Subject terms: Cancer genetics, Oncogenes
Introduction
Glioma is among the most frequently occurring types of adult primary brain cancer, with a very high mortality rate owing to its localization and strong invasion capacity [1–3]. Despite treatment with surgical resection, chemotherapy, and radiation therapy, the median survival time of glioma patients is only 14–16 months [4], death from glioma accounts for the major death of primary brain cancers [1].

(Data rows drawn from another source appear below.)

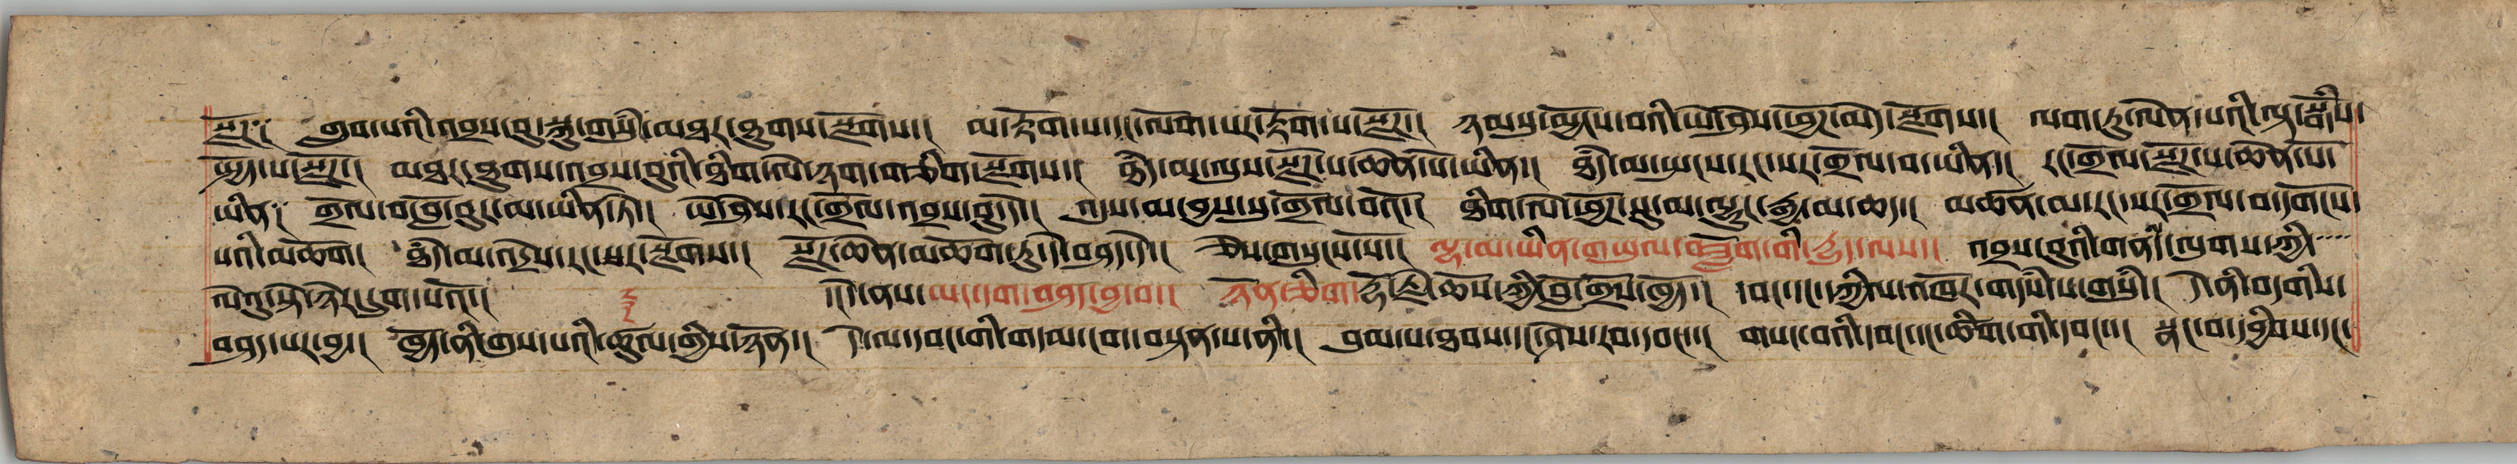སྫོཌ༑ གྲུབ་པའི་འབྲས་བུ་སྐུ་གསུཾ་མཐར་ཐུགས་སྫོགས་། མ་རྟོག་པ་དང་ལོག་པར་རྟོག་པ་སྫོཌ་། ཉམསུ་མྱོངས་བའི་ཡེ་ཤེས་ཕྱོཌ་མེད་སྫོགས་། ལག་ཏུ་ལེན་པའི་ལྟ་སྒོཾས་།
སྤྱོད་པ་སྫོཌ་། མཐར་ཐུགས་འབྲས་བུའི་ཐིག་ལེ་ཉག་གཅིག་སྫོགས་། ཐཾད་མ་ལུས་སྫོཌ་པ་ཆེན་པོ་ཡིན་། ཐཾད་མ་སྤངས་རང་སར་གྲོལ་བ་ཡིན་། རང་གྲོལ་སྫོཌ་པ་ཆེན་པོ་
ཡིན༑ གྲོལ་བ་བློ་བུར་མ་ཡིན་ཏེ་། ཡེ་ཤེས་རང་གྲོལ་འབྲས་བུ་དེ་། འདུས་མ་བྱས་སུ་གྲོལ་བའོ་། ཐིག་ལེ་ཕྱོཌ་སུ་མ་ལྷུང་རྒྱ་མ་ཆད་། མཚན་མ་རང་སར་གྲོལ་བ་དགོངས་
པའི་མཆོག། ཐཾད་མ་འདྲེས་རང་སར་སྫོགས་། སྫོཌ་ཆེན་མཆོག་ཏུ་དེ་བཤད་དེ་། ཅེས་གསུངས་སོ་། ལྷ་མ་ཡིན་གཡུལ་བཟློག་གི་དྱུད་ལས་། འབྲས་བུའི་གནད་ལུགས་ཀྱི་
ལེའུ་སྟེ་ཉེར་དྲུག་པའོ་། ༈ ་།དེ་ནས་ཡང་དག་བཤད་བྱ་བ་། ཉོན་ཅིག་རྡོ་རྗེ་ཆོས་ཀྱི་བློ་གྲོས་ཁྱོད་། དབང་དང་དཀྱིལ་འཁོར་གདཾས་པ་གསུཾ་། དེ་ནི་བདགིས་
བཤད་པར་བྱ་། ཁྱོད་ནི་གུས་པའི་ཚུལ་གྱིས་ཉོན་། དེ་ལ་དབང་གི་གདམ་ངག་བསྟན་པ་ནི་། བུམ་པ་ཐབས་དང་ཤེས་རབ་དབང་་། གསང་བའི་དབང་དང་ཚིག་གི་དབང་་། སྣང་བ་དབྱིངས་དང་

At least four subtypes of human gliomas have been described: pro-neural, neural, classical, and mesenchymal subtypes [1, 5]. Recently, substantial progress has been made regarding our understanding of the molecular pathogenesis of gliomas. Distinct proteins have been identified in different glioma subtypes, including YKL40 [5, 6], fibronectin 1 (FN1) [7], EGFR [5–7], and Stat3 [8]. These advances have been used both to improve diagnostics and to generate more effective therapeutic strategies, such as targeted therapies, for gliomas. However, it is essential to identify even more potential target pathways.
GBPs (guanylate-binding proteins), which were first found to be induced by IFN-γ in human fibroblasts, belong to the superfamily of interferon-inducible GTPases [9]. GBP2, a member of the GTPase superfamily, has critical roles in carcinoma. Studies have demonstrated that GBP2 suppresses cell proliferation in colorectal cancer via WNT signaling [10]. In breast cancer, GBP2 inhibits mitochondrial fission and cell invasion [11], and GBP2 overexpression is correlated with a better prognosis [12]. However, high expression of GBP2 is an indicator of esophageal squamous cell carcinoma (ESCC) [13]. It was also reported that GBP2 promotes invasion of GBM via the Stat3/FN1 cascade [14]. GBP2 has also been shown to be a prognostic biomarker of pancreatic adenocarcinoma [15]. Thus, GBP2 also has different functions in different tissues.
KIF22 belongs to the kinesin-10 family and plays diverse parts in cytoskeleton dynamics and during synaptic development [16–19]. Recently, studies have provided insight into the role of KIF22 during cancer progression. For example, KIF22 regulates EGFR signaling and attenuates the internalization of lung cancer cells [17]. In prostate cancer patients, high KIF22 expression is correlated with tumor development and poor prognosis [20]. Studies of KIF22 functions in breast cancer, gastric cancer, and tongue SCC have also been reported [21–23].
This work showed that GBP2 promoted proliferation and migration in glioma cells by regulating EGFR signaling pathway through interactions with KIF22. In vivo, depletion of GBP2 reduced tumor sizes. In summary, we clarified the oncogenic role of GBP2 in glioma and elucidated for the first time the GBP2/KIF22/EGFR pathway in glioma progression.
Results
GBP2 was highly expressed in glioma
The expression of GBP2 was detected in GBM and LGG samples; the results showed that mRNA levels of GBP2 in GBM and LGG were higher than those in normal controls (three times higher in GBM and double in LGG, Fig. 1A). With respect to overall survival and disease-free survival, lower GBP2 expression was associated with a higher survival percentage in LGG combined with GBM samples (Fig. 1B, C).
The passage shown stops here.